アドレスV125(K6) メンテ計画。〜駆動系のオーバーホール〜

着々と進めているわが愛車メンテナンス計画。

お次は駆動系に着手。まあ、ここはここで色々あったけども・・・

まず、事前にVベルト、ウェイトローラーを買ってあったのだが、なんと間違ってアドレスV100用のVベルトを買ってしまう、という痛恨のエラー。いざ、新しいVベルトを取り付けようと思ったら、使い減りしているはずの元からついてるVベルトよりベルトの幅が狭い(笑) 最初はこんなところにもコストダウンの波が・・・と思ってみていたが、よく見ると長さも違う。さすがに長さが違うのでは役目を果たさない。これは・・・と思い、慌ててネットで調べたら、V100用でした、というオチ。純正部品は十分に型番を調べてから買いましょう。

初めての駆動系メンテナンス
まず・・・8mmのディープソケットがいる。これがないとクランクケースが外れない。が、まあクランクケースを開けるのに特にこれといったコツもなし。ただ、たぶん5年もカバーを開けていないと、カバーとガスケットが固着して、クランクケースカバーが外れないので、すべてのボルトを外したのを確認したうえで、プラスチックハンマーで遠慮なくぶっ叩く。そうするとコロンとカバーが外れる。ガスケットは新品の場合、何度か使えそうだが、古いガスケットは見るからにもろくなっているのでおとなしく新品に交換したほうがよさそうだ。

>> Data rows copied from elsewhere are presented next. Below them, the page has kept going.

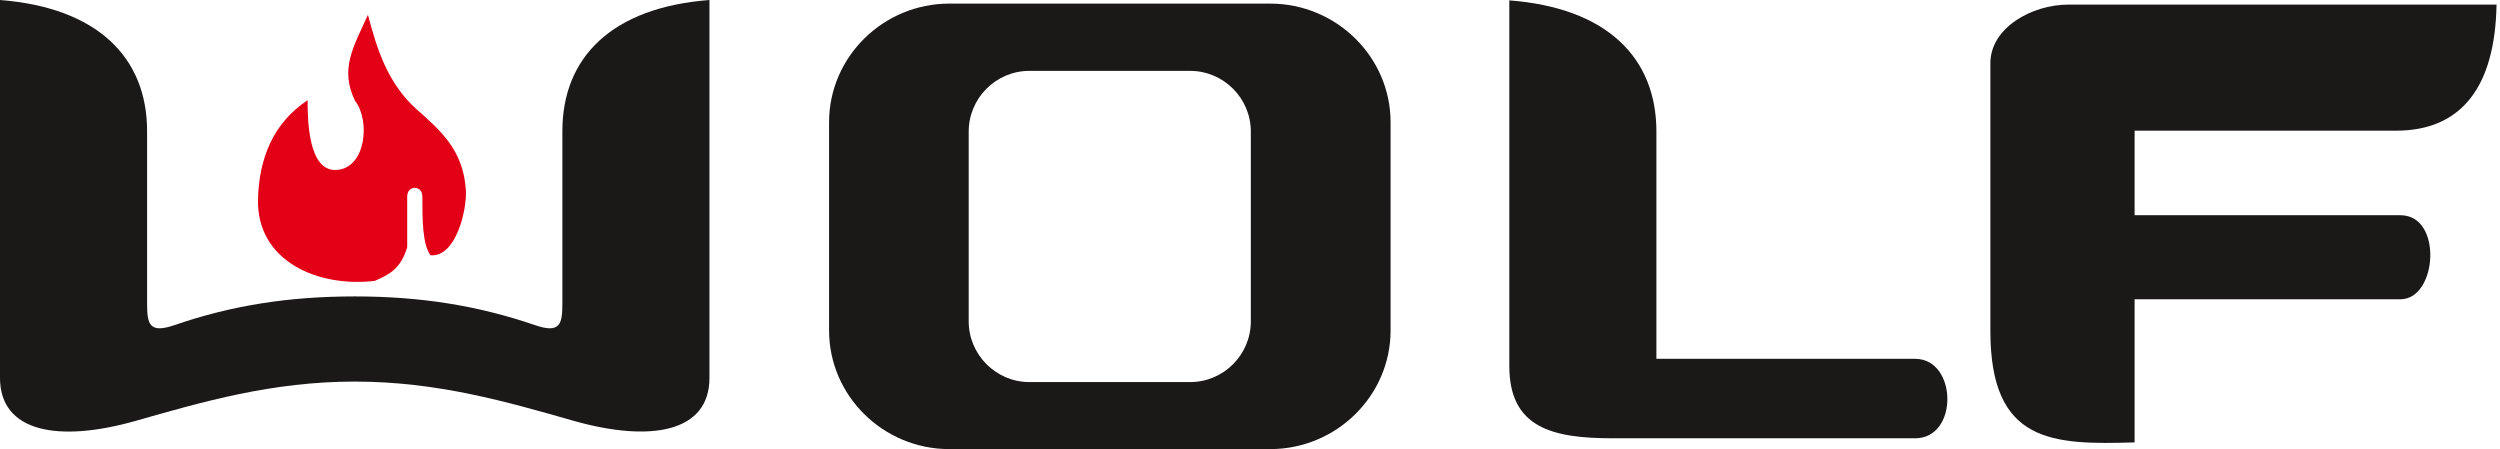 <svg width="668" height="120" viewBox="0 0 668 120" fill="none" xmlns="http://www.w3.org/2000/svg">
<g clip-path="url(#clip0_36_548)">
<path fill-rule="evenodd" clip-rule="evenodd" d="M94.784 101.96C72.658 101.96 54.186 107.342 36.246 112.458C15.648 118.306 0 115.515 0 100.963V0C25.98 2.027 39.302 15.282 39.302 35.05V81.03C39.302 86.545 39.834 89.203 46.611 86.877C61.827 81.628 77.143 79.203 94.784 79.203C112.425 79.203 127.741 81.661 142.957 86.877C149.734 89.203 150.266 86.545 150.266 81.03V35.05C150.266 15.249 163.555 1.993 189.568 0V100.963C189.568 115.515 173.92 118.272 153.322 112.458C135.382 107.342 116.877 101.96 94.784 101.96Z" fill="#1B1918"/>
<path fill-rule="evenodd" clip-rule="evenodd" d="M275.05 18.937H318.007C326.91 18.937 334.219 26.213 334.219 35.15V85.88C334.219 94.784 326.944 102.093 318.007 102.093H275.05C266.146 102.093 258.837 94.784 258.837 85.88V35.15C258.837 26.246 266.113 18.937 275.05 18.937ZM253.655 0.964H339.402C357.077 0.964 371.562 15.216 371.562 32.658V88.306C371.562 105.748 357.077 120 339.402 120H253.655C235.98 120 221.528 105.748 221.528 88.306V32.658C221.528 15.216 235.98 0.964 253.655 0.964Z" fill="#1B1918"/>
<path fill-rule="evenodd" clip-rule="evenodd" d="M442.591 95.88V35.149C442.591 15.349 429.302 2.093 403.289 0.1V97.807C403.289 114.385 414.884 117.11 430.963 117.11H511.728C523.422 117.11 522.99 95.88 511.728 95.88H442.591Z" fill="#1B1918"/>
<path fill-rule="evenodd" clip-rule="evenodd" d="M531.827 16.877V88.439C531.827 118.472 548.405 118.87 570.365 118.206V79.967H641.395C651.262 79.967 652.791 57.508 641.395 57.508H570.365V34.917H640.199C657.741 34.917 666.678 23.189 667.076 1.229H552.691C542.857 1.229 531.827 7.442 531.827 16.91V16.877Z" fill="#1B1918"/>
<path fill-rule="evenodd" clip-rule="evenodd" d="M98.306 3.92C100.731 13.223 103.655 22.359 111.362 29.236C117.542 34.751 123.854 40.033 124.485 50.897C124.784 55.98 121.861 68.804 115.017 68.206C112.857 65.216 112.857 58.538 112.857 52.525C112.857 49.402 108.804 49.402 108.804 52.525V66.08C106.977 72.027 103.887 73.389 100.133 75.05C85.05 76.844 68.605 69.867 68.937 53.322C69.17 42.492 72.924 32.89 82.193 26.777C82.193 32.06 82.359 45.814 89.867 45.415C97.874 44.983 98.937 32.093 94.884 26.977C90.731 18.472 94.419 12.525 98.306 3.987V3.92Z" fill="#E30016"/>
</g>
<defs>
<clipPath id="clip0_36_548">
<rect width="667.076" height="120" fill="white"/>
</clipPath>
</defs>
</svg>

さてここからスクーター専用の工具がいるようになる。上記写真はすでにフィクスドドライブフェイス(要するにエンジン側、作業者から見て手前のプーリー片側)を外した後であるが、このプーリーに普通にメガネレンチなどを掛けても一緒にプーリーも回ってしまうので、上記のプーリーに空いている穴に両側の突起を差し込んで、固定する器具で固定しながら、プーリーのボルトを回す。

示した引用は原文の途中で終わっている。